Teaching Vision-Language Models to Speak Cinema
A year of building a video caption pipeline with 100+ professional creators, and what it taught us about scaling supervision instead of models.
By Zhiqiu Lin and Chancharik Mitra. Based on our CVPR 2026 work, Building a Precise Video Language with Human-AI Oversight (Highlight, Top 3%).
How close is today’s video generator to a Hollywood cinematographer?
Hollywood directors reach for certain shots because they make a scene land. They cue a specific feeling in the viewer that flat coverage cannot. Open your favorite video generator (Veo 3.1, Seedance 2, or any of the latest open-source models) and ask it for a dolly zoom of a man standing in the middle of a bustling street, the way Hitchcock used the shot to make the world feel like it is collapsing inward. Or a rack focus pulling from a coffee cup to the woman behind it, the kind of focus pull that quietly tells the audience where to look. Or a Dutch-angle shot of a nervous person staring into the void, a tilted frame that puts the viewer on edge.
Most generators will hand back something close to a generic dolly-in, or a slow-motion clip with the wrong focal subject. The output is usually visually competent, but it does not do the thing. The model has clearly seen videos that contain these techniques. It just does not know how to act on the words.
We think this is symptomatic of a broader gap. Filmmakers communicate with a shared, precise vocabulary: shot size, frame position, focus type, lens distortion, camera height, video speed. Today’s vision-language models (VLMs), and the captioning datasets that feed them, mostly do not.
In this post we describe CHAI, a captioning pipeline (in our usage, a caption is a long, structured paragraph describing a video’s content, motion, and camera work — not a subtitle track) that we built over the past year with 100+ professional video creators. The acronym stands for Critique-based Human-AI Oversight. Existing video caption datasets are typically written either by crowdworkers, who lack the cinematic vocabulary to describe a shot precisely, or by large vision-language models, whose captions read smoothly (fluent — no grammatical or stylistic errors) but routinely describe objects and motions that are not in the video (hallucinated). The central idea behind CHAI is to combine the two: the captioner model (e.g., a large video-language model such as Gemini-2.5-Pro) writes the draft, a trained human critiques it, and the model revises against that critique.
This post works through four questions:
1. Why do VLMs struggle with cinematic prompts?

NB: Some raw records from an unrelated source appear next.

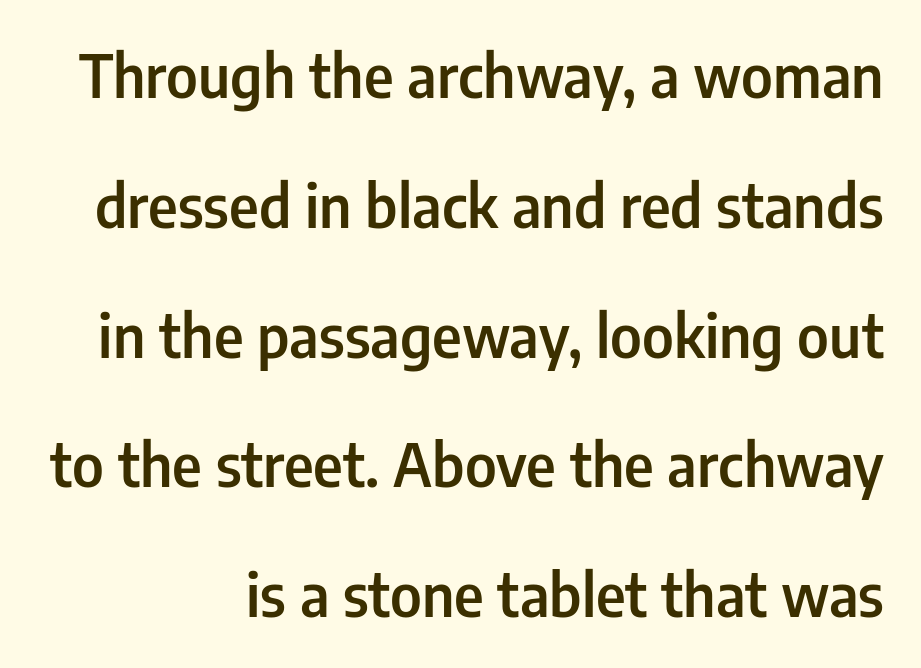
{"serif": "no", "italic": "no", "bold": "semi", "weight": "semibold", "width": "condensed", "stroke_contrast": "low", "x_height": "medium", "monospaced": "no", "underline": "no", "align": "right", "line_spacing": "loose", "line_spacing_ratio": 2.2, "letter_spacing": "normal", "letter_spacing_em": 0.0, "glyph_px": 59}
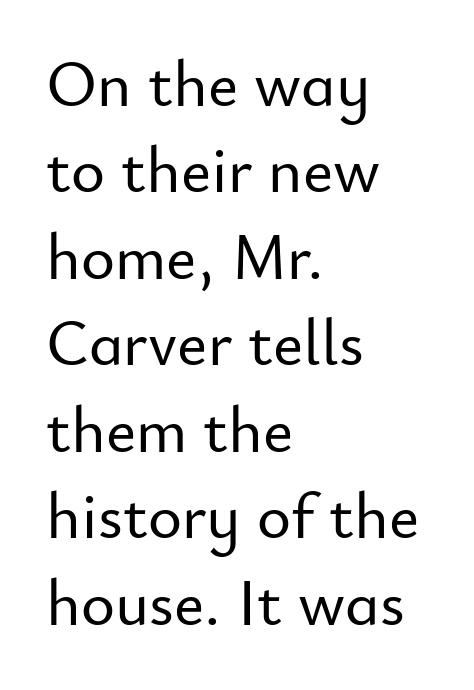
{"serif": "no", "italic": "no", "width": "normal", "stroke_contrast": "low", "x_height": "small", "monospaced": "no", "underline": "no", "align": "left", "line_spacing": "normal", "line_spacing_ratio": 1.33, "letter_spacing": "normal", "letter_spacing_em": 0.0, "glyph_px": 65}
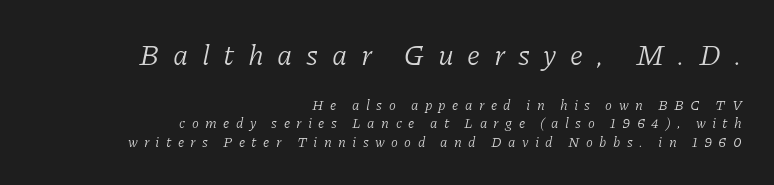
Q: Is the text bold? A: No.
Q: Is the text italic (slanted)? A: Yes, it leans right by about 11 degrees.
Q: Is the typeface a serif or a sans-serif typeface? A: Serif.
Q: Is the text underlined? A: No.
Q: How is the paragraph aligned? A: Right-aligned.
Q: Is the spacing between letters normal or unusually wide? A: Unusually wide.
Q: Is the spacing between lines tight, normal or loose? A: Normal.
Q: Which block of text is set in a larger size, the first (top) or the second (bottom)? A: The first (top) one.
Q: Width (condensed, normal, or wide)? A: Normal.
Q: Stroke contrast? A: Low.
Q: x-height? A: Medium.
Q: Monospaced? A: No.
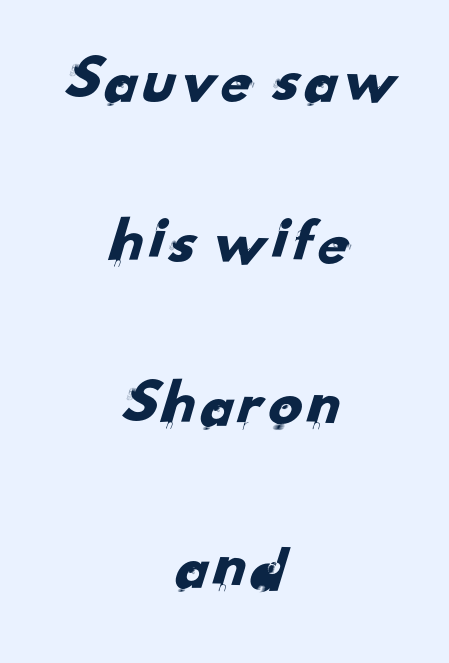
The image shows 67 px sans-serif type; set centered, loose line spacing (2.42x), normal letter spacing, not underlined; low stroke contrast and a small x-height.
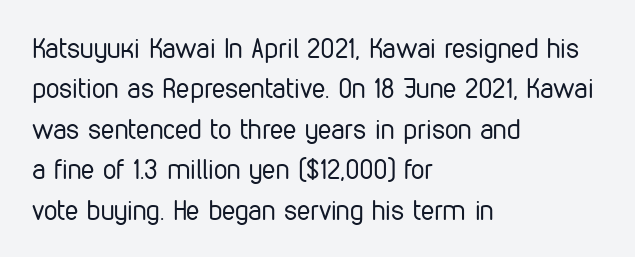
Q: Is the text bold? A: No.
Q: Is the text italic (slanted)? A: No, it is upright.
Q: Is the text underlined? A: No.
Q: How is the paragraph aligned? A: Left-aligned.
Q: Is the spacing between letters normal or unusually wide? A: Normal.
Q: Is the spacing between lines tight, normal or loose? A: Normal.
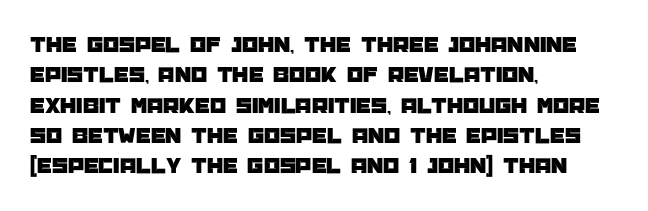
The image shows 23 px text type, upright; set left-aligned, normal line spacing (1.32x), normal letter spacing, not underlined.
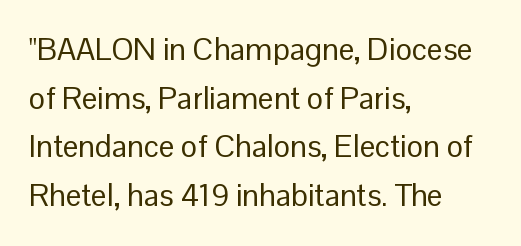
Compared with a typical body face, this is equally light or lighter still. Teacher's note: observe the even left margin — that is flush-left alignment. Is this a fixed-width face? No — the glyphs have proportional, varying widths. The letters stand straight up with perfectly vertical stems. This sample uses plain, unmodified letter spacing.
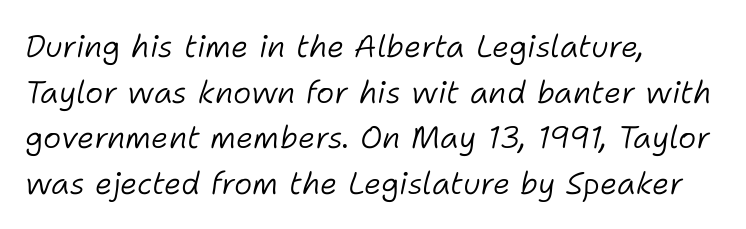
Q: Is the text bold? A: No.
Q: Is the text italic (slanted)? A: Yes, it leans right by about 11 degrees.
Q: Is the text underlined? A: No.
Q: How is the paragraph aligned? A: Left-aligned.
Q: Is the spacing between letters normal or unusually wide? A: Normal.
Q: Is the spacing between lines tight, normal or loose? A: Normal.
Q: Width (condensed, normal, or wide)? A: Normal.
Q: Stroke contrast? A: Low.
Q: x-height? A: Medium.
Q: Monospaced? A: No.

2. How should humans and models divide the captioning work?
3. Does the quality of human critique change what the model can learn?

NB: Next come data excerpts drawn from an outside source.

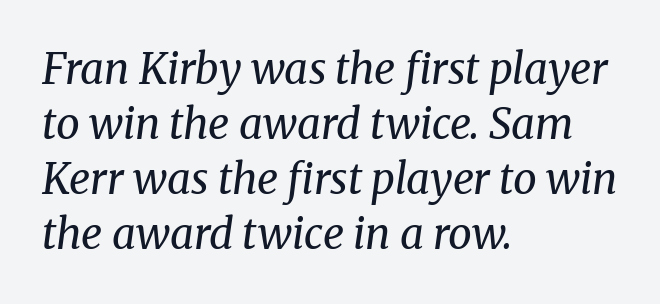
The image shows 42 px regular-weight serif type, italic (leaning right); set left-aligned, normal line spacing (1.31x), normal letter spacing, not underlined; medium stroke contrast and a medium x-height.
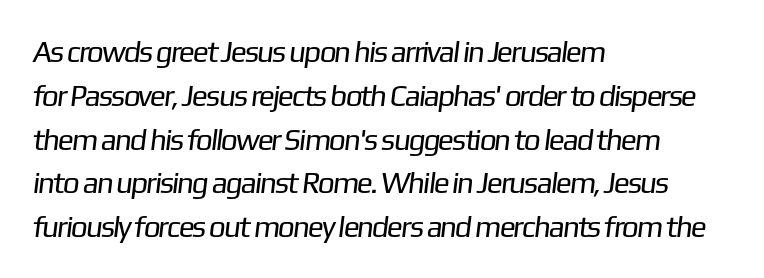
The image shows 30 px regular-weight sans-serif type; set left-aligned, normal line spacing (1.46x), normal letter spacing, not underlined; low stroke contrast and a medium x-height.
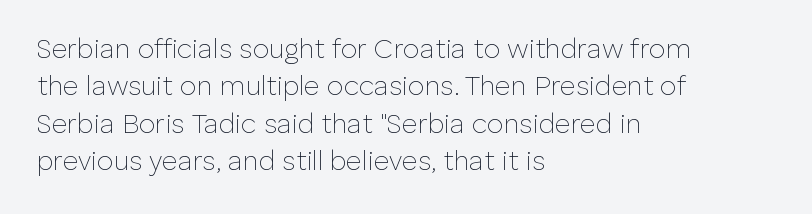
Q: Is the text bold? A: No.
Q: Is the text italic (slanted)? A: No, it is upright.
Q: Is the text underlined? A: No.
Q: How is the paragraph aligned? A: Left-aligned.
Q: Is the spacing between letters normal or unusually wide? A: Normal.
Q: Is the spacing between lines tight, normal or loose? A: Normal.

4. Do better captions in the training data give us a better video generator?

Question 1: Why do VLMs struggle with cinematic prompts?
A natural first hypothesis is that this is a capacity problem — that the current generation of vision-language models is simply too small, has too little context, or has not been pretrained on enough video to handle cinematic prompts, and that the next generation will solve it. But after auditing eight popular video-text datasets from 2016 to 2025 (ActivityNet Captions, MSR-VTT, DREAM-1K, ShareGPT4Video, PerceptionLM, and others), we think the bottleneck is somewhere else. The visual content is in the videos these models train on, and modern VLMs perceive it well. What is missing is the language: the captions paired with those videos do not contain the precise vocabulary needed to describe cinematic technique. In our experiments, training larger models on more of the same data only marginally improved these issues. They appear to be problems of annotation policy, not of capacity.
Three patterns showed up over and over:
• Imprecise terminology. Captions conflate dolly-in (the camera physically moves forward) with zoom-in (the focal length changes), or describe a fisheye distortion as “circular building.”
• Missing information. Captions describe what is in the frame and skip everything else: motion, camera shake, focus changes, shot size. Anything temporal, anything about the camera, gets dropped.
• Subjective descriptions. “An atmospheric shot full of tension” tells a model nothing it can ground in pixels.
A natural next thought: just hire crowdworkers to write more careful captions. We tried that. Crowdworkers still confused dolly-in with zoom-in, called wide shots “close-ups,” and described fisheye distortion as “a round building.” Seeing is not the same as knowing how to describe.
What worked, eventually, was bringing in people whose job requires this vocabulary: cinematographers, directors of photography, motion graphics designers, VFX artists, game designers, camera operators. Over the past year, we built a structured caption specification with 100+ such collaborators. The specification has five aspects:
• Subject (type, attribute, relations)
• Scene (composition, dynamics, overlays, point of view)
• Motion (subject actions, interactions, group activity)
• Spatial (shot size, frame position, depth, spatial movement)
• Camera (focus type, depth of field, steadiness, movement, video speed, lens distortion, height, angle)
All five aspects together involve roughly 200 low-level visual primitives, every one with a definition and a decision rule for when it applies. This prevents annotators from freelancing terminology, as all they have to do is tag against the spec.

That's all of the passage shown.